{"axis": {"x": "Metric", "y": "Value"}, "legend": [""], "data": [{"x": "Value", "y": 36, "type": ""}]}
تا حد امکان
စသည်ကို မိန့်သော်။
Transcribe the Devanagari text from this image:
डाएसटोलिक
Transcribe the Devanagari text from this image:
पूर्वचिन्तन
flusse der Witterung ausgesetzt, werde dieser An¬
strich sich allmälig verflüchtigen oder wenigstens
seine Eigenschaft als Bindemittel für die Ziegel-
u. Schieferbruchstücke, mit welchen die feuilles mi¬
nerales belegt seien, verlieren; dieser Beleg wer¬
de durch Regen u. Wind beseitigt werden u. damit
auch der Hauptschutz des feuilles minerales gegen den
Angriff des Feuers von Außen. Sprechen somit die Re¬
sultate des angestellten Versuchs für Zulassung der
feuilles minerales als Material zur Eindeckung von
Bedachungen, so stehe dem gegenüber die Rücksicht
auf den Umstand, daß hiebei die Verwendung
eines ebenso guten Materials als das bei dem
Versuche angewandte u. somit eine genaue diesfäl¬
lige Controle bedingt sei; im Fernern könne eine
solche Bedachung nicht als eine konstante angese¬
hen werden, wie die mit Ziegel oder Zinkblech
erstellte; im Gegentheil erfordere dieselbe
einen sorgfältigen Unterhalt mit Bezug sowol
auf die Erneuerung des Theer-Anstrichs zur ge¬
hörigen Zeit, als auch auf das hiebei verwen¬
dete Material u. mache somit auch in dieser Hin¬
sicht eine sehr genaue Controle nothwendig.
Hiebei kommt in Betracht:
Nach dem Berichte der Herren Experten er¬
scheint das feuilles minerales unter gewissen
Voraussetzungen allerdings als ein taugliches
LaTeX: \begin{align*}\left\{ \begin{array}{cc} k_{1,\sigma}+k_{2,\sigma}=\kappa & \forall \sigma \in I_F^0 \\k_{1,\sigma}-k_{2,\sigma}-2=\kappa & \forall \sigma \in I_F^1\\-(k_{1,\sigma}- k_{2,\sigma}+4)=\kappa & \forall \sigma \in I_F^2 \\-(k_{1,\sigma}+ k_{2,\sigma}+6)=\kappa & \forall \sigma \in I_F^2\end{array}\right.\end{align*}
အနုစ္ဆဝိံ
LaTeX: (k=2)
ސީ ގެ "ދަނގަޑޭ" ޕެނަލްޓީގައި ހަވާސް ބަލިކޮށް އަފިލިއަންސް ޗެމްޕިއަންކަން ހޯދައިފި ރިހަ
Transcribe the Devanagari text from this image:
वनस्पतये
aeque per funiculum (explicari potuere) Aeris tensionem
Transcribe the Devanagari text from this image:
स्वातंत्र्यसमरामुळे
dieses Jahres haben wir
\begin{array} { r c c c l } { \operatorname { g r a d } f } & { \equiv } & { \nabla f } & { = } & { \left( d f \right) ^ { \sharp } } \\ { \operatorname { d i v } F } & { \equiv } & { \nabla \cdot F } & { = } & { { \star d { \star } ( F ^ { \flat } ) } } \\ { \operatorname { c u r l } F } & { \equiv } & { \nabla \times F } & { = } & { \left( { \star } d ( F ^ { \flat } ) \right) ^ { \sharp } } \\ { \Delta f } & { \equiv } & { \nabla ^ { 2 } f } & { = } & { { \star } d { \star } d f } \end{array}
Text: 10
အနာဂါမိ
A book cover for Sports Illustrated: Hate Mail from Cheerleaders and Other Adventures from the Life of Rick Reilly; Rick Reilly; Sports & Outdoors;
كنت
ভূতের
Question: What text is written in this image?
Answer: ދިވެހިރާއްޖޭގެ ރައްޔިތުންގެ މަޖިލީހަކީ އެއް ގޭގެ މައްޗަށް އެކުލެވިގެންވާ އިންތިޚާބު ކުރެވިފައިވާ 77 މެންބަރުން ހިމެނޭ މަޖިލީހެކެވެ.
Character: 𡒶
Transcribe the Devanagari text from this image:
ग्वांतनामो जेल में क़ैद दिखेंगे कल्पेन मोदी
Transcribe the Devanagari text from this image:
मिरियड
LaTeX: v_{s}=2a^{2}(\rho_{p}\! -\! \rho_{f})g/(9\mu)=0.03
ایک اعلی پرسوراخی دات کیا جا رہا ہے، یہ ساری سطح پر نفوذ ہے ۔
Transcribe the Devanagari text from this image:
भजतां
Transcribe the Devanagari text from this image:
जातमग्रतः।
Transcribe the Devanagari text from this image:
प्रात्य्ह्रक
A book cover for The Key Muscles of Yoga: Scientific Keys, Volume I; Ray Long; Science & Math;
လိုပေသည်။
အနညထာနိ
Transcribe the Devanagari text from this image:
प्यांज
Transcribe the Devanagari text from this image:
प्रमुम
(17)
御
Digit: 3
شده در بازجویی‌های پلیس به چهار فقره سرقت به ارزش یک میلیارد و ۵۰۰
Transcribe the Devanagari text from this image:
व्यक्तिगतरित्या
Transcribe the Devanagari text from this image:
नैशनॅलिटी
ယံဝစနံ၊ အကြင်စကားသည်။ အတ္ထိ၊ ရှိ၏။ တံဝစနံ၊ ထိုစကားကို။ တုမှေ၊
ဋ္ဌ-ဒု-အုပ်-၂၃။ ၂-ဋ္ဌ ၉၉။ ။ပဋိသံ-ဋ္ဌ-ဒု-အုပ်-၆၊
....
• _WHAT IS NEEDED_
What you give back should be exactly the lines from the one with "Character: 𡒶" through the final line of the listing, and no others.

• _RESPONSE TO THIS EXERCISE_
Character: 𡒶
Transcribe the Devanagari text from this image:
ग्वांतनामो जेल में क़ैद दिखेंगे कल्पेन मोदी
Transcribe the Devanagari text from this image:
मिरियड
LaTeX: v_{s}=2a^{2}(\rho_{p}\! -\! \rho_{f})g/(9\mu)=0.03
ایک اعلی پرسوراخی دات کیا جا رہا ہے، یہ ساری سطح پر نفوذ ہے ۔
Transcribe the Devanagari text from this image:
भजतां
Transcribe the Devanagari text from this image:
जातमग्रतः।
Transcribe the Devanagari text from this image:
प्रात्य्ह्रक
A book cover for The Key Muscles of Yoga: Scientific Keys, Volume I; Ray Long; Science & Math;
လိုပေသည်။
အနညထာနိ
Transcribe the Devanagari text from this image:
प्यांज
Transcribe the Devanagari text from this image:
प्रमुम
(17)
御
Digit: 3
شده در بازجویی‌های پلیس به چهار فقره سرقت به ارزش یک میلیارد و ۵۰۰
Transcribe the Devanagari text from this image:
व्यक्तिगतरित्या
Transcribe the Devanagari text from this image:
नैशनॅलिटी
ယံဝစနံ၊ အကြင်စကားသည်။ အတ္ထိ၊ ရှိ၏။ တံဝစနံ၊ ထိုစကားကို။ တုမှေ၊
ဋ္ဌ-ဒု-အုပ်-၂၃။ ၂-ဋ္ဌ ၉၉။ ။ပဋိသံ-ဋ္ဌ-ဒု-အုပ်-၆၊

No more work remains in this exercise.